=== Begin Enclosure ===
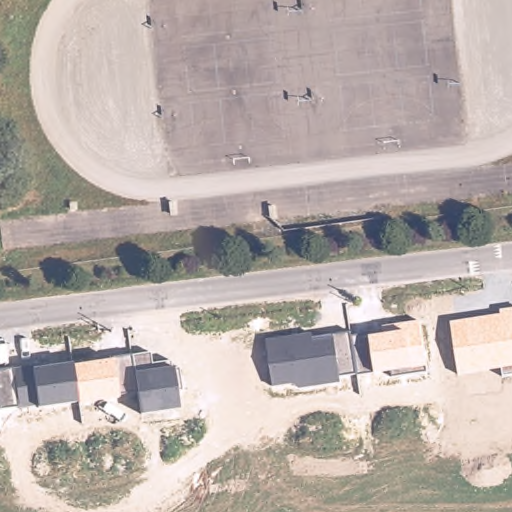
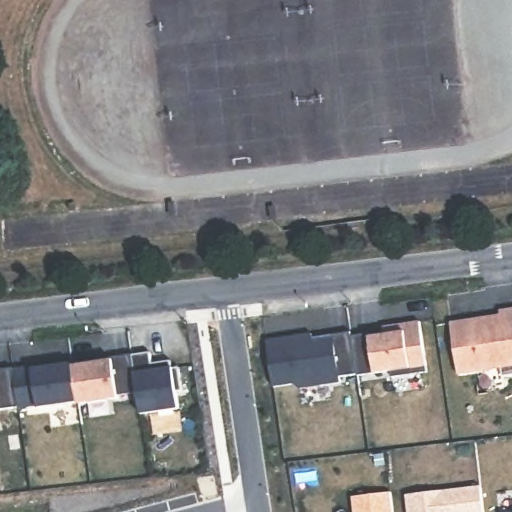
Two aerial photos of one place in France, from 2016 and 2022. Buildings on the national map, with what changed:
unchanged [(501,314),(500,310),(512,308),(512,366),(458,373),(450,321),(501,314)]
unchanged [(351,336),(369,336),(386,333),(385,326),(418,321),(427,371),(392,376),(392,368),(375,372),(358,373),(351,336)]
unchanged [(265,340),(312,333),(313,337),(350,332),(351,336),(358,373),(339,376),(340,382),(297,389),(296,383),(274,386),(265,340)]
unchanged [(72,363),(113,358),(152,352),(155,367),(174,365),(179,366),(183,390),(177,391),(180,407),(142,412),(139,393),(119,395),(77,402),(72,363)]
unchanged [(32,368),(72,363),(77,402),(37,406),(19,406),(0,410),(0,372),(18,369),(32,368)]
new [(403,493),(460,486),(477,484),(481,512),(406,512),(403,493)]
new [(350,496),(388,491),(390,512),(351,512),(350,496)]
new [(512,510),(512,512),(499,512),(499,511),(512,510)]

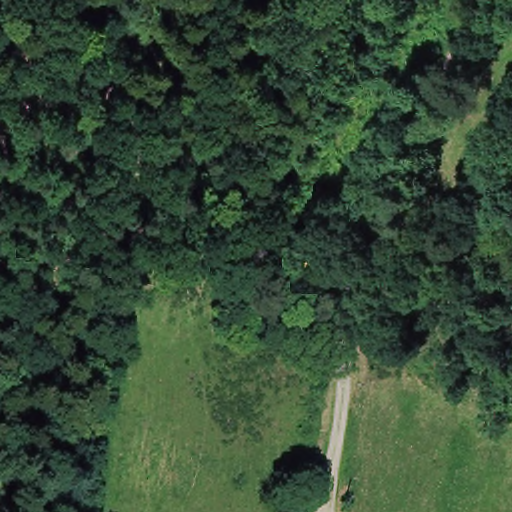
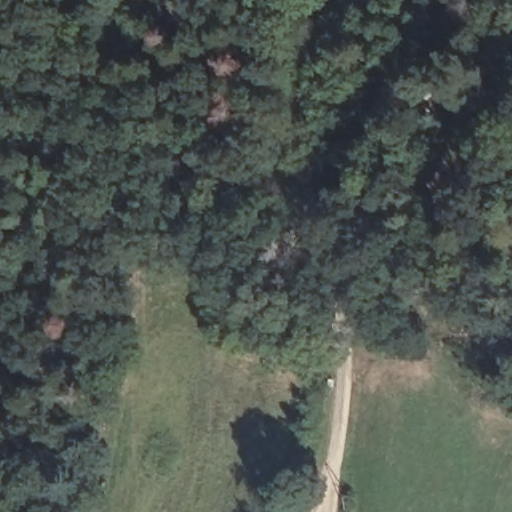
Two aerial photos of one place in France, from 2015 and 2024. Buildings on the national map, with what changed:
[]

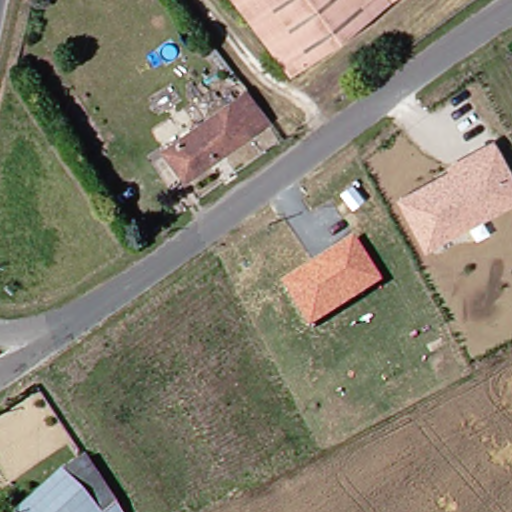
=== End Enclosure ===
* **Try it**
Exactly repeat only the lines from the one with "Two aerial photos of one place in France, from 2015" to the closing line above, both included, and omit every picture.

* **Solution to this problem**
Two aerial photos of one place in France, from 2015 and 2024. Buildings on the national map, with what changed:
[]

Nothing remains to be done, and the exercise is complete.